With some more information in my hands I looked for some help or pointers from the GRUB developers, on Freenode. One of them pointed me to this section of the GRUB Manual which documents some key bytes of the MBR. Notably, byte 0×40 is described as “The boot drive. If it is 0xFF, use a drive passed by BIOS.”. On a working slave this was set to 0xFF. On a broken one, it was set to 0×80 (which I was told means “first hard drive”). That certainly sounds like something that could affect bootability!

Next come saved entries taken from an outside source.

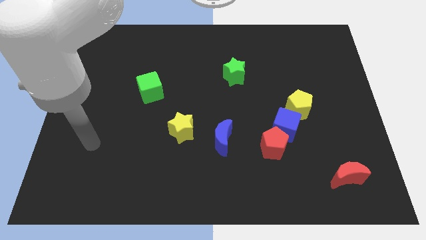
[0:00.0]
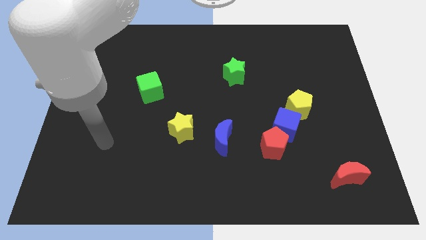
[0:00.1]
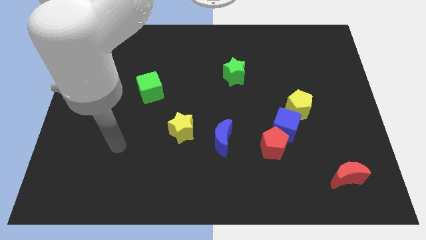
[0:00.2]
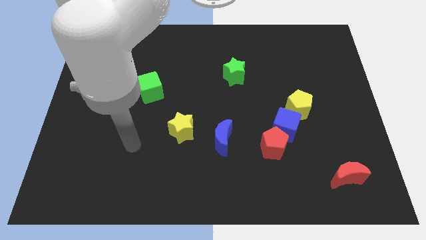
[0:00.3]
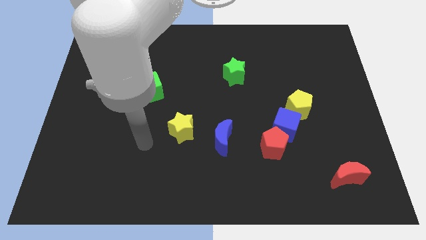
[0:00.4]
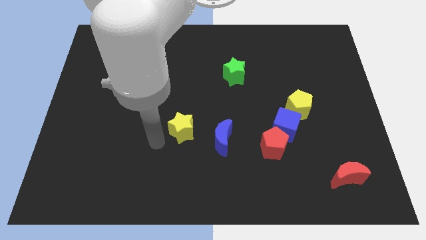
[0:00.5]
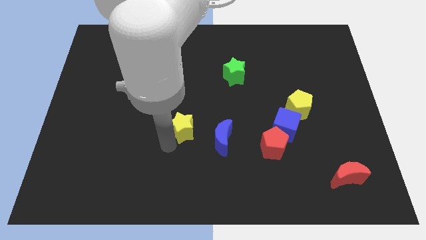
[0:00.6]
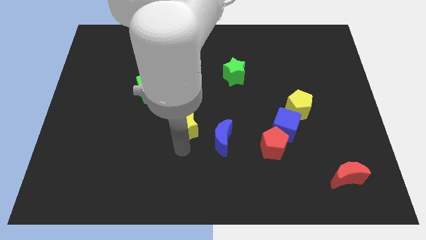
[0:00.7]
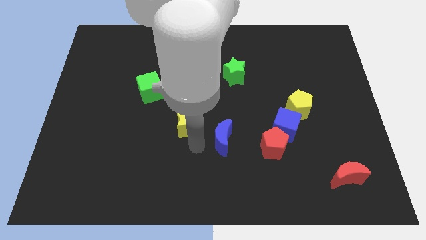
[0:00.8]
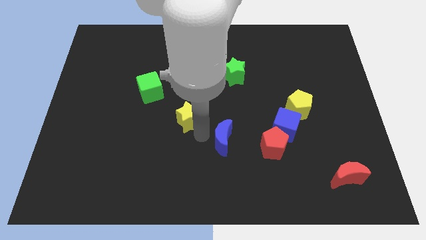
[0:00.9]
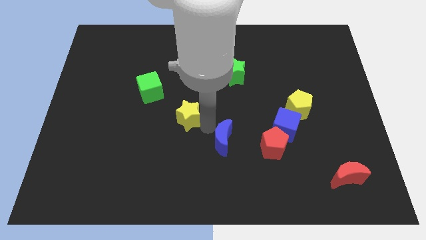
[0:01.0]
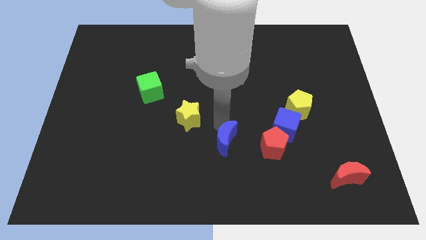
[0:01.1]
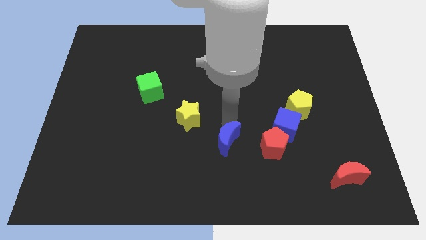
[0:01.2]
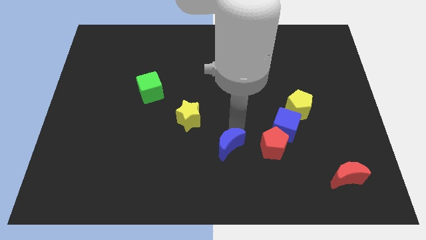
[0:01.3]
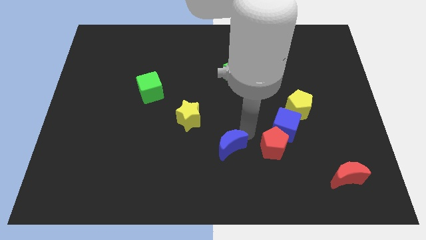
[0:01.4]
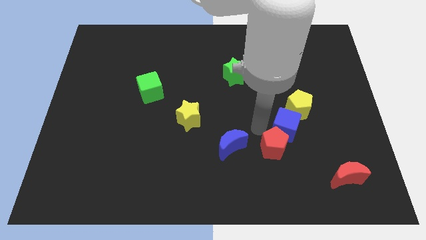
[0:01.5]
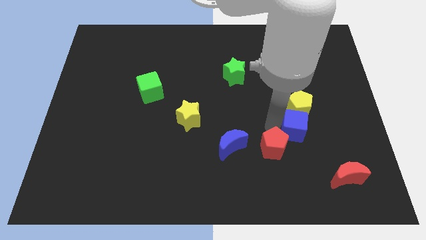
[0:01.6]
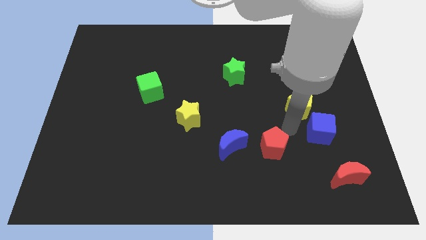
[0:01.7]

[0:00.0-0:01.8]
pull the red pentagon apart from the blue cube

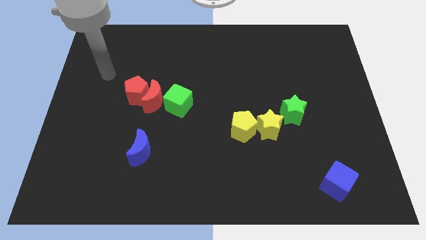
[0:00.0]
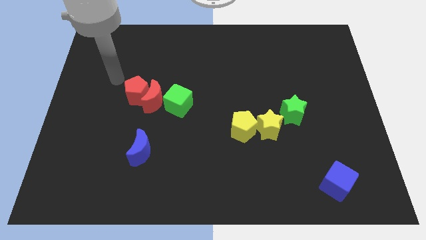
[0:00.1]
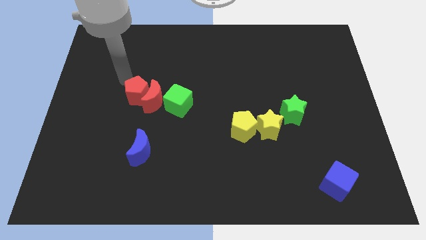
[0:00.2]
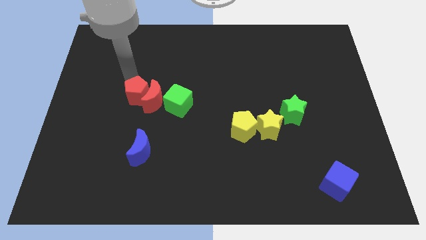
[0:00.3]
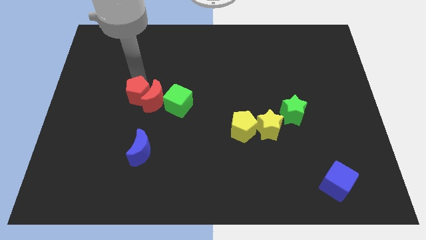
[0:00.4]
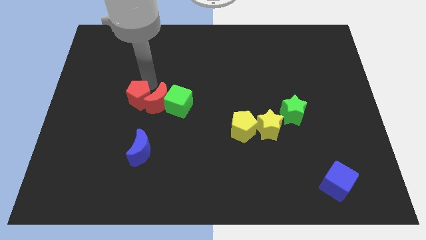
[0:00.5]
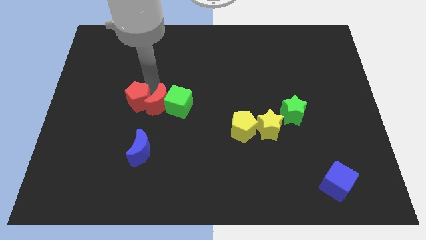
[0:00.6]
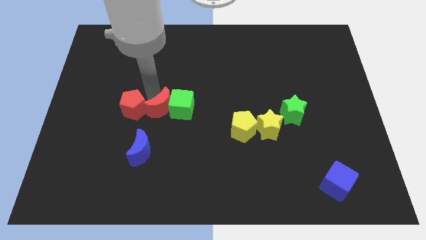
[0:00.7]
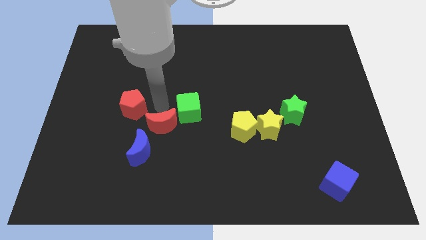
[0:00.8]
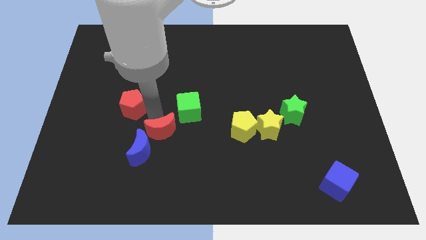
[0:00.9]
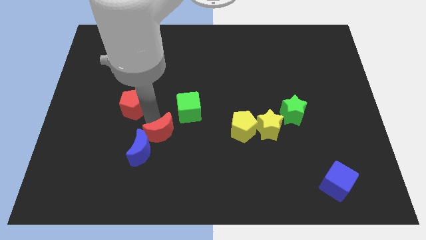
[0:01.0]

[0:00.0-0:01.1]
pull the red pentagon apart from the red moon

After thinking it over a few times I came to the conclusion that *somehow* 0×80 must end up being the wrong device to boot from. I also realized that no slave which had had GRUB re-installed had failed again. With all of that I became confident that re-installing GRUB would fix the problem permanently. I ran all of this by Catlee who told me that GRUB developers had told him that the BIOS could be re-ordering drives semi-randomly. That piece of information seems to fill in the last bit of the puzzle and I’m more confident than ever that GRUB installation will permanently fix the problem.
It’s still a mystery to me why the BIOS would be re-ordering the drives at random. There’s a “BIOSBugs” page on the GRUB wiki which describes a problem where the BIOS sends the *wrong* boot device. Since relying on the BIOS to send the boot device has fixed our problem I don’t think it’s the same thing. I haven’t been able to find any information on this specific issue, or how to find out what boot device the BIOS is sending the Bootloader, which makes it difficult to truly confirm our fix. If anyone has hit this, or knows how to get at this kind of information I’d love to hear from you.